Da minha primeira casa guardo tudo entalhado na escultura da memória: uma casa muito velha, pequenina, que tinha uma sala laranja, uma cozinha vermelho sangue, um quarto cor-de-rosa com gatinhos, e o chão de todas as assoalhadas inclinado,  como que tombando de cansaço, para gáudio dos gatos, que tinham sempre diversão garantida, pois era raro uma bola manter-se imóvel no mesmo sítio. 

Voltei a Santa Marta pelas piores razões.
E supliquei-lhe tempo, apenas mais tempo.

Demorei-me na visita.
Peguei-lhe na mão e ouvi tudo com paciência. Comecei a memorizar todas as sardas do seu rosto e dos braços muito magros, os sulcos fundos de todas as rugas, todos os trejeitos e expressões catitas que usava. Disse mil disparates, quando estou nervosa falo pelos cotovelos e por todas as outras arestas corporais. Fi-lo rir o tempo todo, com tanta fanfarronice nervosa. 
Saí destroçada, e à saída, tive um número exacto de passos, a percorrer pelos corredores, até à saída, para me recompor. O segredo era meu. Só meu. Um dia que fosse que eu o pudesse guardá-lo só para mim, seria um dia um pouco melhor para todos nós.


"As pessoas crescidas têm sempre necessidades de explicações... Nunca compreendem nada sozinha". O Principezinho pelo António.


Envelheci.
Ou talvez tenha crescido.

Fui egoísta também.
Todas as mães são egoístas de vez em quando: pensei no meu clã e quis proteger acima de tudo e todos o meu clã, as minhas pessoas. E por isso mantive o segredo. Engoli-o por amor e cobardia.

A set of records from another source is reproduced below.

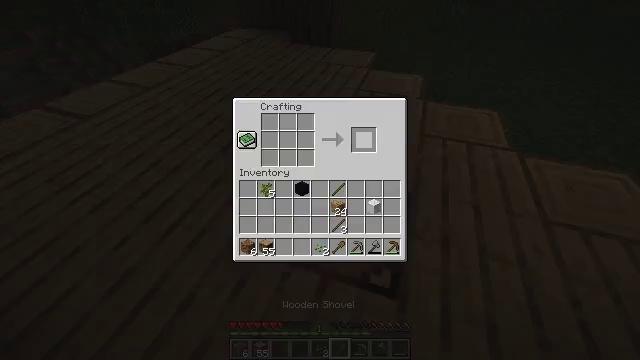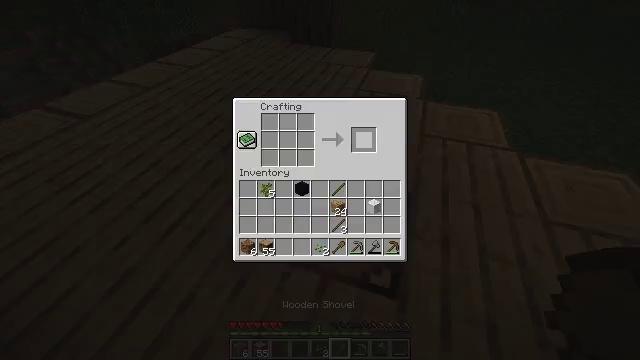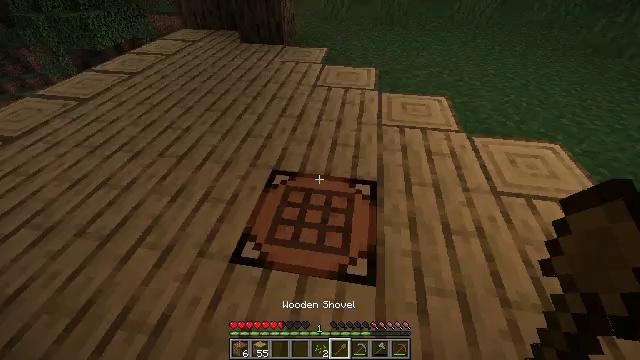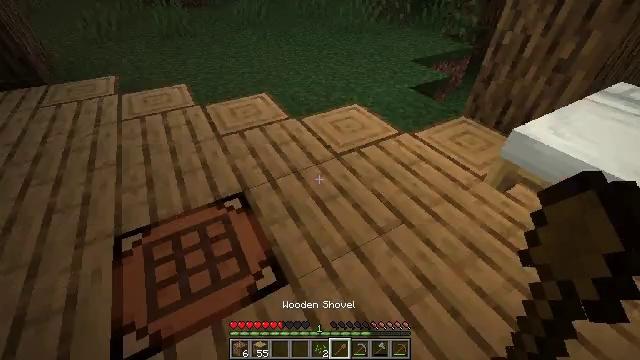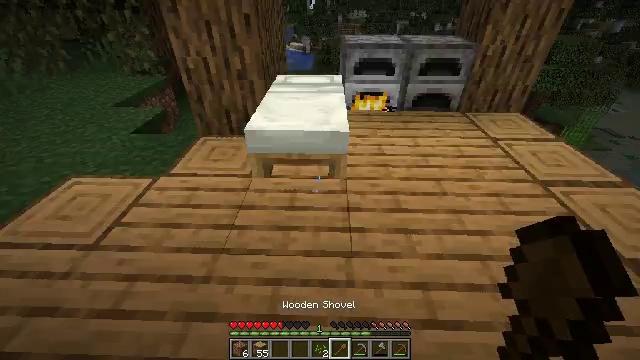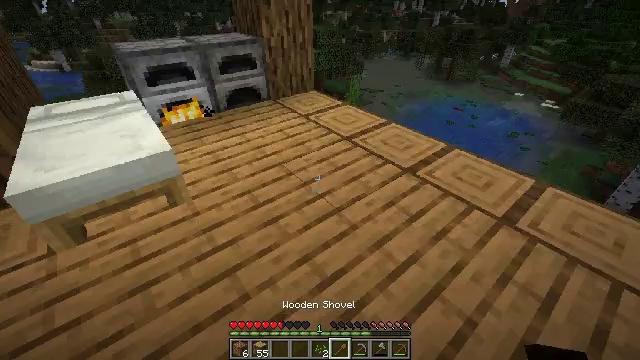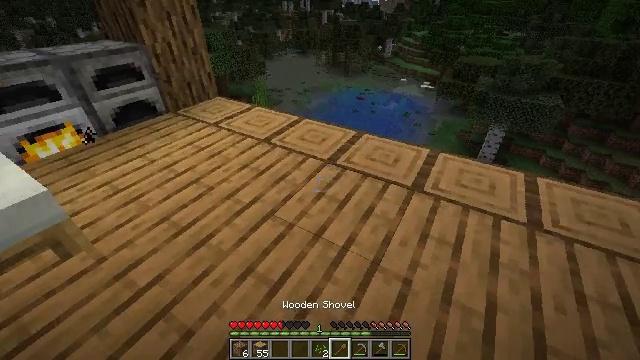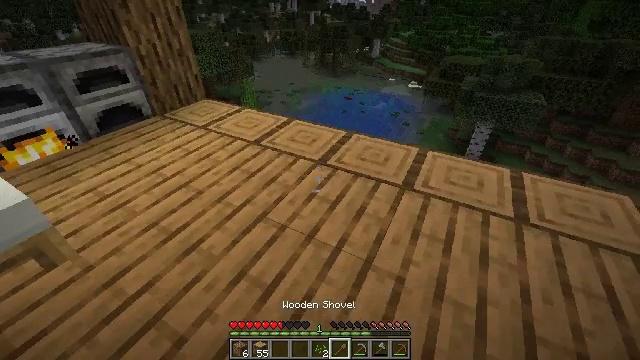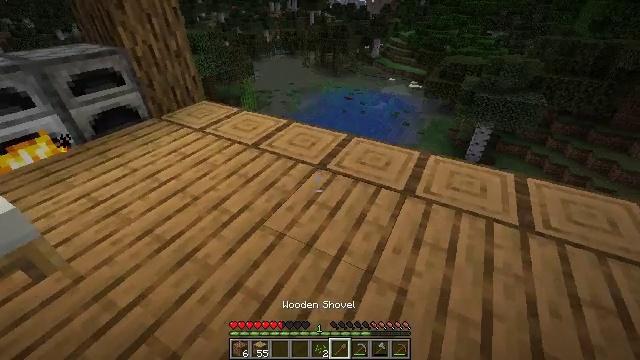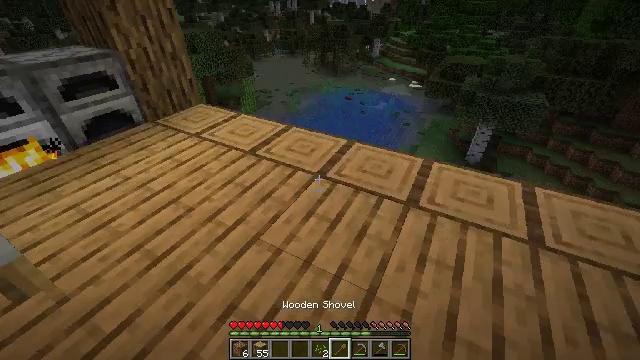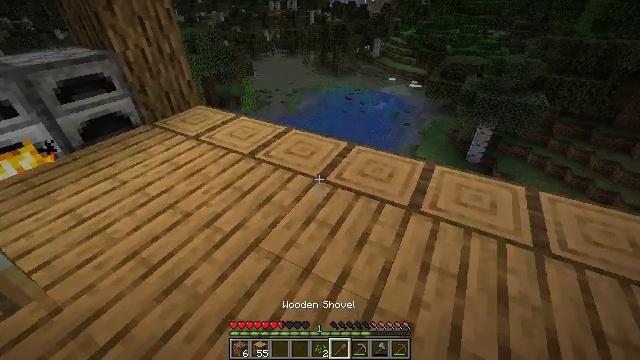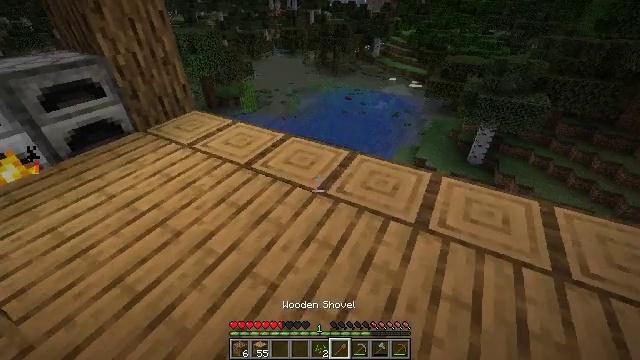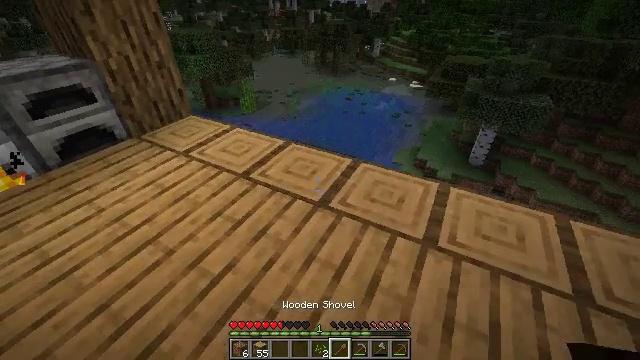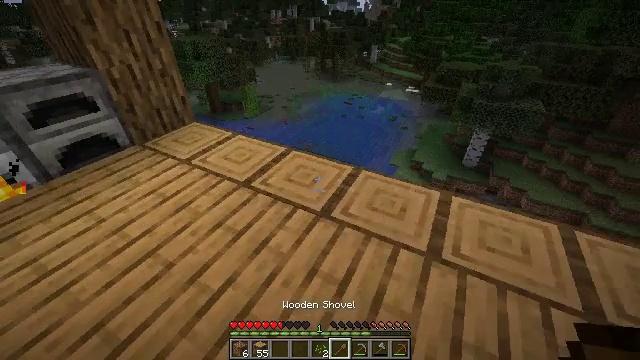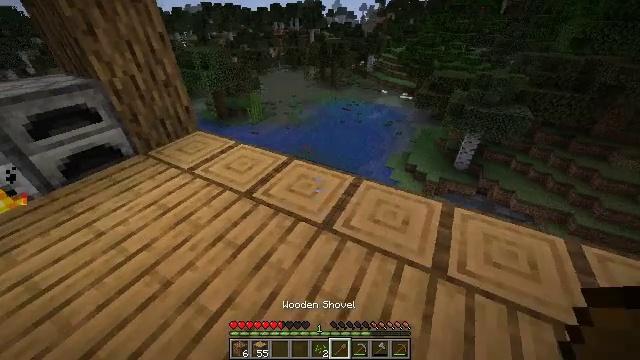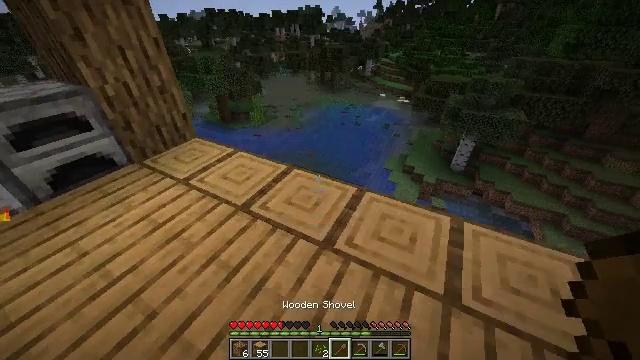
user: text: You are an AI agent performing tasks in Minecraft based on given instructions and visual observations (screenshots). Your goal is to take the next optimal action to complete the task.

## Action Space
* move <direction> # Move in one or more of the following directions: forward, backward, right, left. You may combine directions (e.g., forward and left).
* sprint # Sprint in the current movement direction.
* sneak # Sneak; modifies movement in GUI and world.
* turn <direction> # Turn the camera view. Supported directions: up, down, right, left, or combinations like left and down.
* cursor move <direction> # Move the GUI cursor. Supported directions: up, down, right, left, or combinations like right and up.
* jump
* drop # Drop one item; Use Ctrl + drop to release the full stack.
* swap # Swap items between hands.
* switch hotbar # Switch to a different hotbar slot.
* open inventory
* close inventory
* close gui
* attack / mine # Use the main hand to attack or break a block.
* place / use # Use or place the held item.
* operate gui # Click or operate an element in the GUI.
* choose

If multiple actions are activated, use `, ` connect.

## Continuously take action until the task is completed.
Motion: motion action
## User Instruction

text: Gather tall seagrass in the sea.
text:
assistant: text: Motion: open gui
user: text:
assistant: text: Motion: cursor move right
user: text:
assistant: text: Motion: turn right and up, close gui
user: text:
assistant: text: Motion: turn right and up
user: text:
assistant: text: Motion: turn right
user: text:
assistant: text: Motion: turn right
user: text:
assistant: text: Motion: turn right
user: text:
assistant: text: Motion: move forward
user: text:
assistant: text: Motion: move forward
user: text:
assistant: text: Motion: move forward
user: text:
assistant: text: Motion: no_op
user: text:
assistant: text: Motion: move forward
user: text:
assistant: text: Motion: move forward
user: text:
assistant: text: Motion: move forward
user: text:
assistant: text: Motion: move forward
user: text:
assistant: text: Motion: move forward
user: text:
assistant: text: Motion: move forward
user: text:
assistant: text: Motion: move forward and move left
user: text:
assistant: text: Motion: move forward and move left
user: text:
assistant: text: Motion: move forward and move left
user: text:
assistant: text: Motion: move forward
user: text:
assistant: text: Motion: move forward, turn down
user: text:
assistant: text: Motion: move forward, turn down
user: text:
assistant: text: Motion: move forward
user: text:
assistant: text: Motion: move forward, jump
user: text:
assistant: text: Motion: move forward, jump
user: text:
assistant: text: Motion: move forward, turn down, jump
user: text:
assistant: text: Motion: move forward, jump
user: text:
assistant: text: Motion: move forward, jump
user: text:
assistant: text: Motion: move forward, jump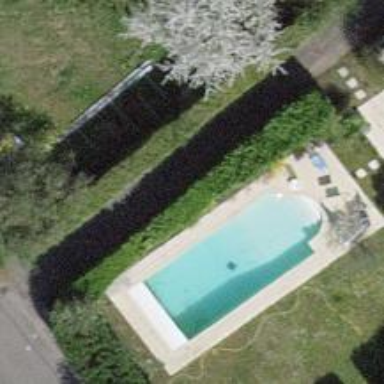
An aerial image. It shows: Outdoor swimming pool on leisure land.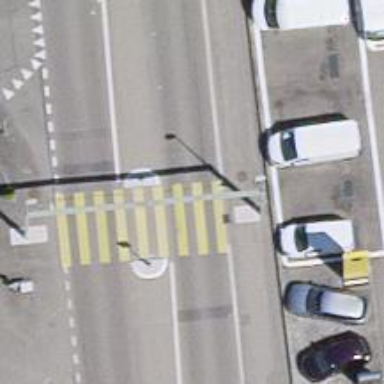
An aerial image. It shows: Zebra crossing with uncontrolled intersection and pedestrian island.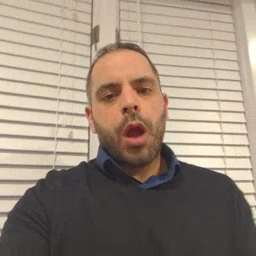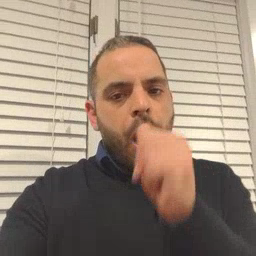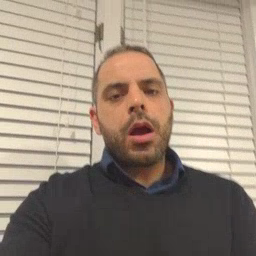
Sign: nuts

Sofri por saber, por ser a primeira a saber que a minha bebé, tão pequenina, acabada de nascer, não iria conhecer o seu avô, que a Aurora não teria qualquer recordação e que a Carolina e o António perderiam cedo demais os mimos que só um avô pode e sabe dar. 

Precisávamos todos de mais tempo. E o meu sogro lutou com todas as suas forças por mais tempo.


Aguentei-me firme no meu voto de silêncio durante algumas semanas, mesmo quando era por demais visível que o relógio não parava, que não cedia às nossas preces, e que o sofrimento era já demasiado para suportar e ignorar.

Voltei ao egoísmo: quis estar no maior número de momentos possível ao seu lado. Fomos juntos comprar caril, paparis e água de coco ao Martim Moniz, e também fizemos uma viagem insana, em caravana familiar, para comer um bitoque às Caldas da Rainha.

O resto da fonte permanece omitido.